++++ DATA LISTING

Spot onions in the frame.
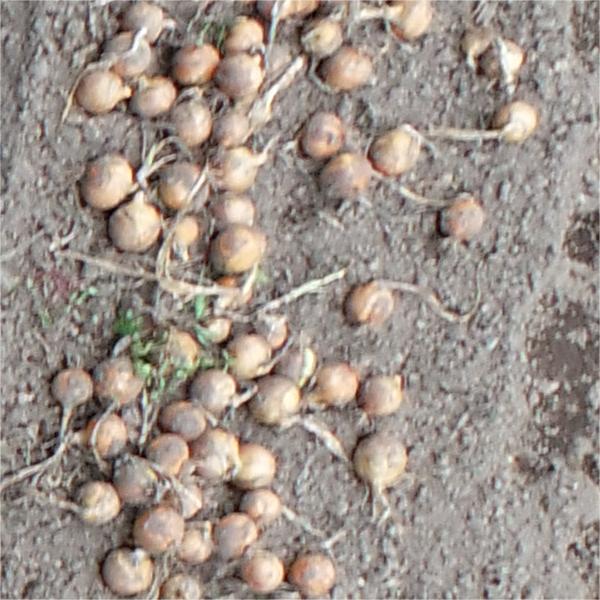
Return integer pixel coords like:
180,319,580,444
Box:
214,512,255,557
358,375,401,415
170,93,216,140
181,452,231,483
461,28,494,66
256,310,288,348
313,361,357,404
288,551,337,594
279,346,316,383
162,479,203,517
121,4,166,44
230,332,272,377
108,198,160,249
303,113,345,157
241,488,278,523
250,373,300,422
220,146,263,189
161,402,208,440
112,29,152,77
344,283,392,325
194,431,238,479
95,360,142,404
74,69,125,112
241,550,282,591
233,444,275,487
224,20,262,55
218,192,255,227
495,100,538,144
158,162,202,207
173,44,217,84
80,155,131,206
50,369,93,418
161,570,199,599
73,479,119,524
133,506,183,553
110,457,159,505
216,274,242,294
320,151,370,200
103,547,152,592
133,77,176,118
494,39,526,84
386,3,432,41
89,412,132,460
190,369,238,416
352,432,409,483
437,196,485,240
163,213,201,248
173,525,215,563
371,125,421,174
214,110,250,146
321,46,370,91
212,224,264,273
161,329,205,375
214,53,261,95
257,0,318,19
145,435,190,477
303,18,341,55
199,315,230,343
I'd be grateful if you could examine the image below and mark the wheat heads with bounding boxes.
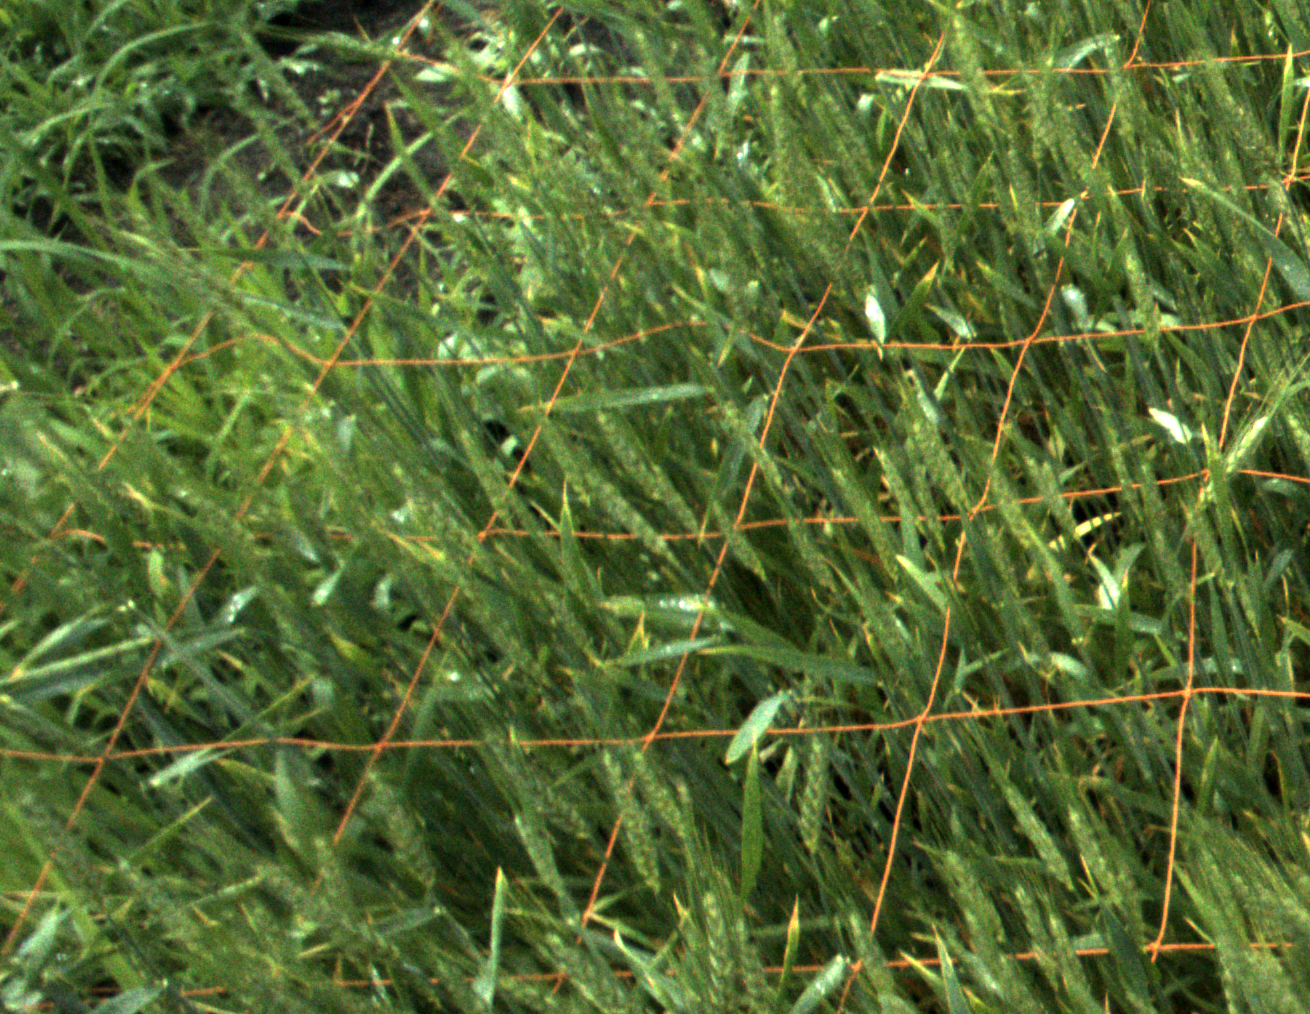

++++++++

WHAT YOU SHOULD DO -
Drop the pictures and copy the data exactly.

RESPONSE TO THE TASK -
Spot onions in the frame.
Return integer pixel coords like:
180,319,580,444
Box:
214,512,255,557
358,375,401,415
170,93,216,140
181,452,231,483
461,28,494,66
256,310,288,348
313,361,357,404
288,551,337,594
279,346,316,383
162,479,203,517
121,4,166,44
230,332,272,377
108,198,160,249
303,113,345,157
241,488,278,523
250,373,300,422
220,146,263,189
161,402,208,440
112,29,152,77
344,283,392,325
194,431,238,479
95,360,142,404
74,69,125,112
241,550,282,591
233,444,275,487
224,20,262,55
218,192,255,227
495,100,538,144
158,162,202,207
173,44,217,84
80,155,131,206
50,369,93,418
161,570,199,599
73,479,119,524
133,506,183,553
110,457,159,505
216,274,242,294
320,151,370,200
103,547,152,592
133,77,176,118
494,39,526,84
386,3,432,41
89,412,132,460
190,369,238,416
352,432,409,483
437,196,485,240
163,213,201,248
173,525,215,563
371,125,421,174
214,110,250,146
321,46,370,91
212,224,264,273
161,329,205,375
214,53,261,95
257,0,318,19
145,435,190,477
303,18,341,55
199,315,230,343
I'd be grateful if you could examine the image below and mark the wheat heads with bounding boxes.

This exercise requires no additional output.